Purpose: Our goal was to develop a deep network for whole-head segmentation, including clinical magnetic resonance imaging (MRI) with abnormal anatomy, and compile the first public benchmark dataset for this purpose. We collected 98 MRIs with volumetric segmentation labels for a diverse set of human subjects, including normal and abnormal anatomy in clinical cases of stroke and disorders of consciousness.

Approach: Training labels were generated by manually correcting initial automated segmentations for skin/scalp, skull, cerebro-spinal fluid, gray matter, white matter, air cavity, and extracephalic air. We developed a "MultiAxial" network consisting of three 2D U-Net that operate independently in sagittal, axial, and coronal planes, which are then combined to produce a single 3D segmentation.

Results: The MultiAxial network achieved a test-set Dice scores of 0.88 ± 0.04 (median ± interquartile range) on whole-head segmentation, including gray and white matter. This was compared with 0.86 ± 0.04 for Multipriors and 0.79 ± 0.10 for SPM12, two standard tools currently available for this task. The MultiAxial network gains in robustness by avoiding the need for coregistration with an atlas. It performed well in regions with abnormal anatomy and on images that have been de-identified. It enables more accurate and robust current flow modeling when incorporated into ROAST, a widely used modeling toolbox for transcranial electric stimulation.

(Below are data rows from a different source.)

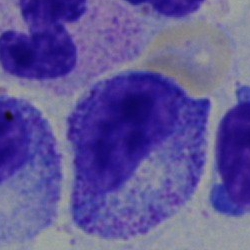

Myelocyte.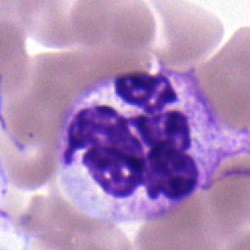 Single cell identified as a segmented neutrophil.
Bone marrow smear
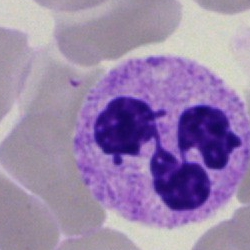

Morphology consistent with a segmented neutrophil.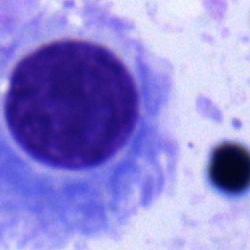

Q: Which cell type is shown here?
A: This is a plasmacyte.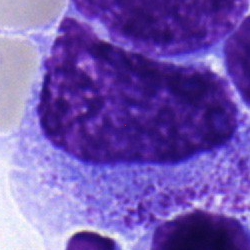Q: Identify the cell.
A: Progranulocyte.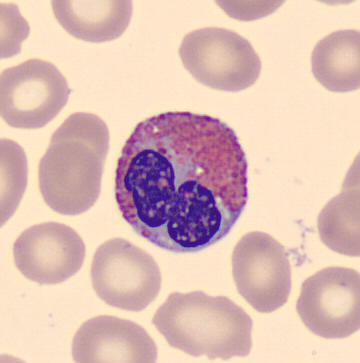
Specimen: peripheral blood smear.
Morphological class: eosinophil.
Lineage: myeloid.

360×363.

Conclusions: We are releasing a new state-of-the-art tool for whole-head MRI segmentation in abnormal anatomy, along with the largest volume of labeled clinical head MRIs, including labels for nonbrain structures. Together, the model and data may serve as a benchmark for future efforts.

脑解剖异常的MRI全头分割:模型与数据发布。
目的:我们的目标是开发一个用于全头部分割的深度网络,包括异常解剖的临床磁共振成像(MRI),并为此目的编制第一个公开的基准数据集。我们收集了98个具有体积分割标签的mri,用于不同的人类受试者,包括中风和意识障碍的临床病例中的正常和异常解剖。方法:通过手动校正皮肤/头皮、颅骨、脑脊液、灰质、白质、空腔和脑外空气的初始自动分割来生成训练标签。我们开发了一个“多轴”网络,由三个2D U-Net组成,它们分别在矢状面、轴状面和冠状面独立运行,然后将它们组合在一起产生一个单一的3D分割。结果:MultiAxial网络在包括灰质和白质在内的整个头部分割上的测试集Dice得分为0.88±0.04(中位数±四分位数范围)。相比之下,目前可用于该任务的两种标准工具Multipriors为0.86±0.04,SPM12为0.79±0.10。多轴网络通过避免与图谱的共配准而获得鲁棒性。它在解剖结构异常的区域和已经去识别的图像上表现良好。它可以更准确和强大的电流建模时,结合到ROAST,一个广泛使用的模型工具箱,经颅电刺激。结论:我们正在发布一种新的最先进的工具,用于异常解剖的全头部MRI分割,以及最大容量的标记临床头部MRI,包括非脑结构的标记。该模型和数据可以作为未来工作的基准。
本文章由计算机程序翻译,如有差异,请以英文原文为准。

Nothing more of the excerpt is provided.